▶ **WHAT TO DO**:
Any pictures should be dropped; everything else in the records is to be returned exactly.

▶ **EXTRACTED DATA**:
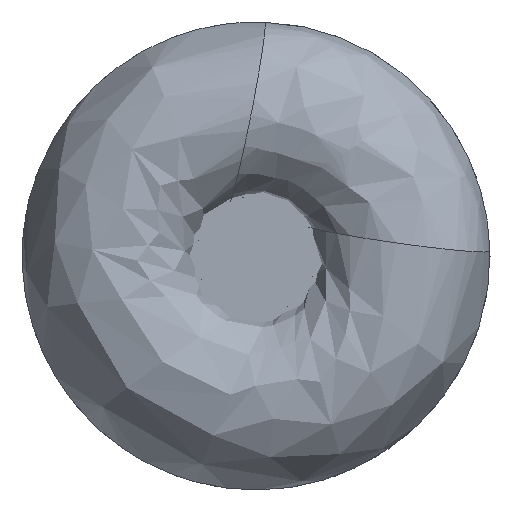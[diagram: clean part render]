
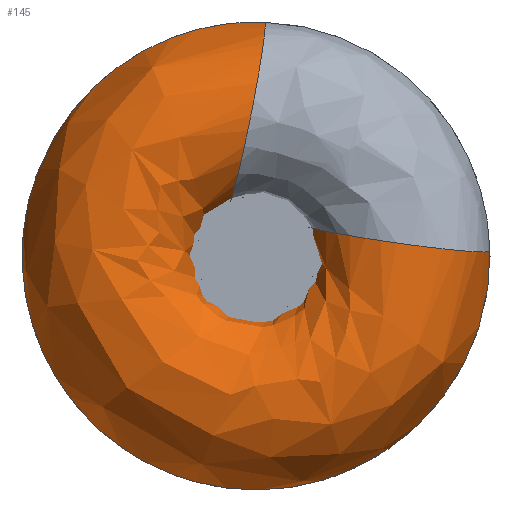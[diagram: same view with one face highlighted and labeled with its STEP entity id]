
A CAD part, left-side view. The second image highlights one B-rep face of the part: STEP entity #145.
In plain terms, the highlighted free-form (B-spline) face has degree [3, 3] with [7, 7] control points.
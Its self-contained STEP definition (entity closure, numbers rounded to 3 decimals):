
#145=ADVANCED_FACE('',(#160,#161),#158,.F.);
#158=(
BOUNDED_SURFACE()
B_SPLINE_SURFACE(3,3,((#341,#342,#343,#344,#345,#346,#347),(#348,#349,#350,
#351,#352,#353,#354),(#355,#356,#357,#358,#359,#360,#361),(#362,#363,#364,
#365,#366,#367,#368),(#369,#370,#371,#372,#373,#374,#375),(#376,#377,#378,
#379,#380,#381,#382),(#383,#384,#385,#386,#387,#388,#389)),
 .UNSPECIFIED.,.T.,.F.,.F.)
B_SPLINE_SURFACE_WITH_KNOTS((1,3,3,3,1),(4,3,4),(-0.5,0.,0.5,1.,1.5),(0.,
0.5,1.),.UNSPECIFIED.)
GEOMETRIC_REPRESENTATION_ITEM()
RATIONAL_B_SPLINE_SURFACE(((1.,0.58,0.58,1.,0.58,
0.58,1.),(0.333,0.193,0.193,
0.333,0.193,0.193,0.333),
(0.333,0.193,0.193,0.333,
0.193,0.193,0.333),(1.,0.58,
0.58,1.,0.58,0.58,1.),(0.333,
0.193,0.193,0.333,0.193,
0.193,0.333),(0.333,0.193,
0.193,0.333,0.193,0.193,
0.333),(1.,0.58,0.58,1.,0.58,
0.58,1.)))
REPRESENTATION_ITEM('')
SURFACE()
);
#160=FACE_BOUND('',#182,.T.);
#161=FACE_BOUND('',#183,.T.);
#182=EDGE_LOOP('',(#206));
#183=EDGE_LOOP('',(#207));
#206=ORIENTED_EDGE('',*,*,#242,.T.);
#207=ORIENTED_EDGE('',*,*,#243,.F.);
#230=VERTEX_POINT('',#338);
#231=VERTEX_POINT('',#340);
#242=EDGE_CURVE('',#230,#230,#254,.T.);
#243=EDGE_CURVE('',#231,#231,#255,.T.);
#254=CIRCLE('',#267,5.);
#255=CIRCLE('',#268,5.);
#267=AXIS2_PLACEMENT_3D('',#337,#291,#292);
#268=AXIS2_PLACEMENT_3D('',#339,#293,#294);
#291=DIRECTION('',(-0.052,0.979,0.195));
#292=DIRECTION('',(0.,-0.195,0.981));
#293=DIRECTION('',(-0.052,-0.139,0.989));
#294=DIRECTION('',(0.,-0.99,-0.139));
#337=CARTESIAN_POINT('',(4.993,0.524,7.589));
#338=CARTESIAN_POINT('',(4.993,-0.452,12.492));
#339=CARTESIAN_POINT('',(4.993,-7.546,0.955));
#340=CARTESIAN_POINT('',(4.993,-12.498,0.259));
#341=CARTESIAN_POINT('',(4.993,-12.498,0.259));
#342=CARTESIAN_POINT('',(4.993,-12.775,-13.097));
#343=CARTESIAN_POINT('',(4.993,-0.466,-18.29));
#344=CARTESIAN_POINT('',(4.993,8.907,-8.771));
#345=CARTESIAN_POINT('',(4.993,18.28,0.748));
#346=CARTESIAN_POINT('',(4.993,12.898,12.976));
#347=CARTESIAN_POINT('',(4.993,-0.452,12.492));
#348=CARTESIAN_POINT('',(14.979,-12.571,0.777));
#349=CARTESIAN_POINT('',(14.979,-13.401,-12.657));
#350=CARTESIAN_POINT('',(14.979,-1.225,-18.393));
#351=CARTESIAN_POINT('',(14.979,8.604,-9.197));
#352=CARTESIAN_POINT('',(14.979,18.434,-0.002));
#353=CARTESIAN_POINT('',(14.979,13.521,12.529));
#354=CARTESIAN_POINT('',(14.979,0.061,12.595));
#355=CARTESIAN_POINT('',(14.979,-2.668,2.169));
#356=CARTESIAN_POINT('',(14.979,-4.986,-0.682));
#357=CARTESIAN_POINT('',(14.979,-3.193,-3.89));
#358=CARTESIAN_POINT('',(14.979,0.45,-3.409));
#359=CARTESIAN_POINT('',(14.979,4.093,-2.928));
#360=CARTESIAN_POINT('',(14.979,4.992,0.635));
#361=CARTESIAN_POINT('',(14.979,2.014,2.787));
#362=CARTESIAN_POINT('',(4.993,-2.595,1.651));
#363=CARTESIAN_POINT('',(4.993,-4.359,-1.123));
#364=CARTESIAN_POINT('',(4.993,-2.434,-3.787));
#365=CARTESIAN_POINT('',(4.993,0.753,-2.982));
#366=CARTESIAN_POINT('',(4.993,3.94,-2.178));
#367=CARTESIAN_POINT('',(4.993,4.37,1.081));
#368=CARTESIAN_POINT('',(4.993,1.501,2.685));
#369=CARTESIAN_POINT('',(-4.993,-2.522,1.133));
#370=CARTESIAN_POINT('',(-4.993,-3.733,-1.563));
#371=CARTESIAN_POINT('',(-4.993,-1.675,-3.684));
#372=CARTESIAN_POINT('',(-4.993,1.056,-2.555));
#373=CARTESIAN_POINT('',(-4.993,3.787,-1.427));
#374=CARTESIAN_POINT('',(-4.993,3.747,1.528));
#375=CARTESIAN_POINT('',(-4.993,0.987,2.583));
#376=CARTESIAN_POINT('',(-4.993,-12.425,-0.259));
#377=CARTESIAN_POINT('',(-4.993,-12.148,-13.538));
#378=CARTESIAN_POINT('',(-4.993,0.293,-18.187));
#379=CARTESIAN_POINT('',(-4.993,9.21,-8.344));
#380=CARTESIAN_POINT('',(-4.993,18.127,1.499));
#381=CARTESIAN_POINT('',(-4.993,12.276,13.422));
#382=CARTESIAN_POINT('',(-4.993,-0.966,12.39));
#383=CARTESIAN_POINT('',(4.993,-12.498,0.259));
#384=CARTESIAN_POINT('',(4.993,-12.775,-13.097));
#385=CARTESIAN_POINT('',(4.993,-0.466,-18.29));
#386=CARTESIAN_POINT('',(4.993,8.907,-8.771));
#387=CARTESIAN_POINT('',(4.993,18.28,0.748));
#388=CARTESIAN_POINT('',(4.993,12.898,12.976));
#389=CARTESIAN_POINT('',(4.993,-0.452,12.492));

▶ **WRITTEN ANSWER**:
[diagram: clean part render]
[diagram: same view with one face highlighted and labeled with its STEP entity id]
A CAD part, left-side view. The second image highlights one B-rep face of the part: STEP entity #145.
In plain terms, the highlighted free-form (B-spline) face has degree [3, 3] with [7, 7] control points.
Its self-contained STEP definition (entity closure, numbers rounded to 3 decimals):
#145=ADVANCED_FACE('',(#160,#161),#158,.F.);
#158=(
BOUNDED_SURFACE()
B_SPLINE_SURFACE(3,3,((#341,#342,#343,#344,#345,#346,#347),(#348,#349,#350,
#351,#352,#353,#354),(#355,#356,#357,#358,#359,#360,#361),(#362,#363,#364,
#365,#366,#367,#368),(#369,#370,#371,#372,#373,#374,#375),(#376,#377,#378,
#379,#380,#381,#382),(#383,#384,#385,#386,#387,#388,#389)),
 .UNSPECIFIED.,.T.,.F.,.F.)
B_SPLINE_SURFACE_WITH_KNOTS((1,3,3,3,1),(4,3,4),(-0.5,0.,0.5,1.,1.5),(0.,
0.5,1.),.UNSPECIFIED.)
GEOMETRIC_REPRESENTATION_ITEM()
RATIONAL_B_SPLINE_SURFACE(((1.,0.58,0.58,1.,0.58,
0.58,1.),(0.333,0.193,0.193,
0.333,0.193,0.193,0.333),
(0.333,0.193,0.193,0.333,
0.193,0.193,0.333),(1.,0.58,
0.58,1.,0.58,0.58,1.),(0.333,
0.193,0.193,0.333,0.193,
0.193,0.333),(0.333,0.193,
0.193,0.333,0.193,0.193,
0.333),(1.,0.58,0.58,1.,0.58,
0.58,1.)))
REPRESENTATION_ITEM('')
SURFACE()
);
#160=FACE_BOUND('',#182,.T.);
#161=FACE_BOUND('',#183,.T.);
#182=EDGE_LOOP('',(#206));
#183=EDGE_LOOP('',(#207));
#206=ORIENTED_EDGE('',*,*,#242,.T.);
#207=ORIENTED_EDGE('',*,*,#243,.F.);
#230=VERTEX_POINT('',#338);
#231=VERTEX_POINT('',#340);
#242=EDGE_CURVE('',#230,#230,#254,.T.);
#243=EDGE_CURVE('',#231,#231,#255,.T.);
#254=CIRCLE('',#267,5.);
#255=CIRCLE('',#268,5.);
#267=AXIS2_PLACEMENT_3D('',#337,#291,#292);
#268=AXIS2_PLACEMENT_3D('',#339,#293,#294);
#291=DIRECTION('',(-0.052,0.979,0.195));
#292=DIRECTION('',(0.,-0.195,0.981));
#293=DIRECTION('',(-0.052,-0.139,0.989));
#294=DIRECTION('',(0.,-0.99,-0.139));
#337=CARTESIAN_POINT('',(4.993,0.524,7.589));
#338=CARTESIAN_POINT('',(4.993,-0.452,12.492));
#339=CARTESIAN_POINT('',(4.993,-7.546,0.955));
#340=CARTESIAN_POINT('',(4.993,-12.498,0.259));
#341=CARTESIAN_POINT('',(4.993,-12.498,0.259));
#342=CARTESIAN_POINT('',(4.993,-12.775,-13.097));
#343=CARTESIAN_POINT('',(4.993,-0.466,-18.29));
#344=CARTESIAN_POINT('',(4.993,8.907,-8.771));
#345=CARTESIAN_POINT('',(4.993,18.28,0.748));
#346=CARTESIAN_POINT('',(4.993,12.898,12.976));
#347=CARTESIAN_POINT('',(4.993,-0.452,12.492));
#348=CARTESIAN_POINT('',(14.979,-12.571,0.777));
#349=CARTESIAN_POINT('',(14.979,-13.401,-12.657));
#350=CARTESIAN_POINT('',(14.979,-1.225,-18.393));
#351=CARTESIAN_POINT('',(14.979,8.604,-9.197));
#352=CARTESIAN_POINT('',(14.979,18.434,-0.002));
#353=CARTESIAN_POINT('',(14.979,13.521,12.529));
#354=CARTESIAN_POINT('',(14.979,0.061,12.595));
#355=CARTESIAN_POINT('',(14.979,-2.668,2.169));
#356=CARTESIAN_POINT('',(14.979,-4.986,-0.682));
#357=CARTESIAN_POINT('',(14.979,-3.193,-3.89));
#358=CARTESIAN_POINT('',(14.979,0.45,-3.409));
#359=CARTESIAN_POINT('',(14.979,4.093,-2.928));
#360=CARTESIAN_POINT('',(14.979,4.992,0.635));
#361=CARTESIAN_POINT('',(14.979,2.014,2.787));
#362=CARTESIAN_POINT('',(4.993,-2.595,1.651));
#363=CARTESIAN_POINT('',(4.993,-4.359,-1.123));
#364=CARTESIAN_POINT('',(4.993,-2.434,-3.787));
#365=CARTESIAN_POINT('',(4.993,0.753,-2.982));
#366=CARTESIAN_POINT('',(4.993,3.94,-2.178));
#367=CARTESIAN_POINT('',(4.993,4.37,1.081));
#368=CARTESIAN_POINT('',(4.993,1.501,2.685));
#369=CARTESIAN_POINT('',(-4.993,-2.522,1.133));
#370=CARTESIAN_POINT('',(-4.993,-3.733,-1.563));
#371=CARTESIAN_POINT('',(-4.993,-1.675,-3.684));
#372=CARTESIAN_POINT('',(-4.993,1.056,-2.555));
#373=CARTESIAN_POINT('',(-4.993,3.787,-1.427));
#374=CARTESIAN_POINT('',(-4.993,3.747,1.528));
#375=CARTESIAN_POINT('',(-4.993,0.987,2.583));
#376=CARTESIAN_POINT('',(-4.993,-12.425,-0.259));
#377=CARTESIAN_POINT('',(-4.993,-12.148,-13.538));
#378=CARTESIAN_POINT('',(-4.993,0.293,-18.187));
#379=CARTESIAN_POINT('',(-4.993,9.21,-8.344));
#380=CARTESIAN_POINT('',(-4.993,18.127,1.499));
#381=CARTESIAN_POINT('',(-4.993,12.276,13.422));
#382=CARTESIAN_POINT('',(-4.993,-0.966,12.39));
#383=CARTESIAN_POINT('',(4.993,-12.498,0.259));
#384=CARTESIAN_POINT('',(4.993,-12.775,-13.097));
#385=CARTESIAN_POINT('',(4.993,-0.466,-18.29));
#386=CARTESIAN_POINT('',(4.993,8.907,-8.771));
#387=CARTESIAN_POINT('',(4.993,18.28,0.748));
#388=CARTESIAN_POINT('',(4.993,12.898,12.976));
#389=CARTESIAN_POINT('',(4.993,-0.452,12.492));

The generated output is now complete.